Atlético se hunde en el Metropolitano tras dejarse remontar ante el Bodo/Glimt
El Atlético de Madrid necesitaba una noche grande. Una victoria contundente, una goleada que asegurase el billete directo al Top-8 y evitase el peaje de la ronda extra. Pero el fútbol, implacable, tenía otros planes. Porque el Metropolitano vivió una de esas noches europeas que empiezan con esperanza y terminan en decepción. El Atlético no solo no ganó: se dejó remontar ante un Bodo/Glimt valiente y descarado para caer 1-2, descender hasta la decimocuarta posición y verse obligado a jugar los dieciseisavos en Champions League.
Un golpe seco. De esos que duelen más por cómo suceden. El susto inicial: el Bodo no vino a defenderse No era el rival ideal para buscar una goleada. El Bodo/Glimt lo dejó claro desde el primer minuto. Los noruegos, que ya habían asombrado con su repaso al Manchester City, salieron al Metropolitano sin complejos.
En apenas tres minutos, Giménez salvó bajo palos un gol cantado tras una triangulación perfecta que terminó con una vaselina sobre Oblak. Y un minuto después, Gogh tuvo el 0-1 en un mano a mano clarísimo, provocado por un regalo incomprensible de Koke. El Atlético se llevó un aviso serio: esto no iba a ser sencillo. Sorloth enciende la ilusión… y aparece la polémica Pero el Atlético es mucho Atlético. Le costó despertar, pero cuando lo hizo encontró oxígeno en el juego aéreo y en un Sorloth imperial.
Primero perdonó una ocasión clarísima que salvó el portero sobre la línea. Pero a la segunda no falló: centro de Hancko desde la izquierda y cabezazo ajustado del noruego al palo. 1-0 y el estadio volvió a creer. Antes ya había marcado Baena, pero el colegiado anuló el tanto por un fuera de juego milimétrico. Y entonces llegó el momento más surrealista de la noche. En el 18’, Baena remató un rechace que tocó en un defensor. El árbitro señaló gol… pero rectificó al instante para conceder córner.
Mientras los noruegos protestaban, Julián Álvarez sacó rápido y marcó un gol olímpico, el 2-0. El Metropolitano estalló. Pero el colegiado lo anuló en una decisión tan incomprensible como devastadora. El Atlético pasó del posible 2-0… al golpe emocional.
Del perdón al castigo: Sjovold empata en la primera que tiene Perdonó el Atlético. Varias veces. Nico González tuvo ocasiones clarísimas. Julián también. Barrios estrelló un balón en el larguero en el añadido. Pero el fútbol europeo no perdona. En una jugada aislada, el Bodo encontró el empate. Sjovold remató solo desde el punto de penalti y silenció el estadio. 1-1 al descanso, un resultado que ya era una condena parcial.

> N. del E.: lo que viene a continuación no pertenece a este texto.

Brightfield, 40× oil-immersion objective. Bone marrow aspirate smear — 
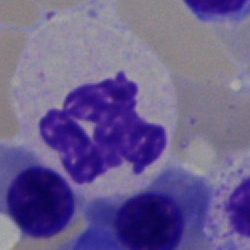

Segunda parte: impotencia rojiblanca y remontada noruega Si la primera mitad fue frustrante, la segunda comenzó todavía peor. El Atlético entró frío, sin ritmo, sin energía. Y el Bodo olió sangre. En una jugada embarullada, el conjunto noruego remató hasta cuatro veces dentro del área pequeña. Oblak salvó una con la cara. Pero a la cuarta, Høgh no perdonó. 1-2. Remontada completada.
El Atlético se volcó entonces en ataque con más corazón que claridad. Sorloth tuvo varias, pero Khaikin se hizo enorme. Almada rozó el empate, pero la suerte tampoco apareció. Julián lo intentó con un disparo a la escuadra… sin éxito. La Araña no pudo picar.
El Atlético, condenado a la ronda extra
El pitido final dejó una imagen amarga: un Atlético impotente, frustrado, castigado por la falta de acierto y por una polémica arbitral que pesará mucho en la memoria rojiblanca. De soñar con el Top-8 a caer hasta el puesto 14. Ahora, Simeone deberá remangarse: el Atlético jugará la ronda extra y se medirá a Brujas o Galatasaray en dieciseisavos. Europa vuelve a exigirle una vida más.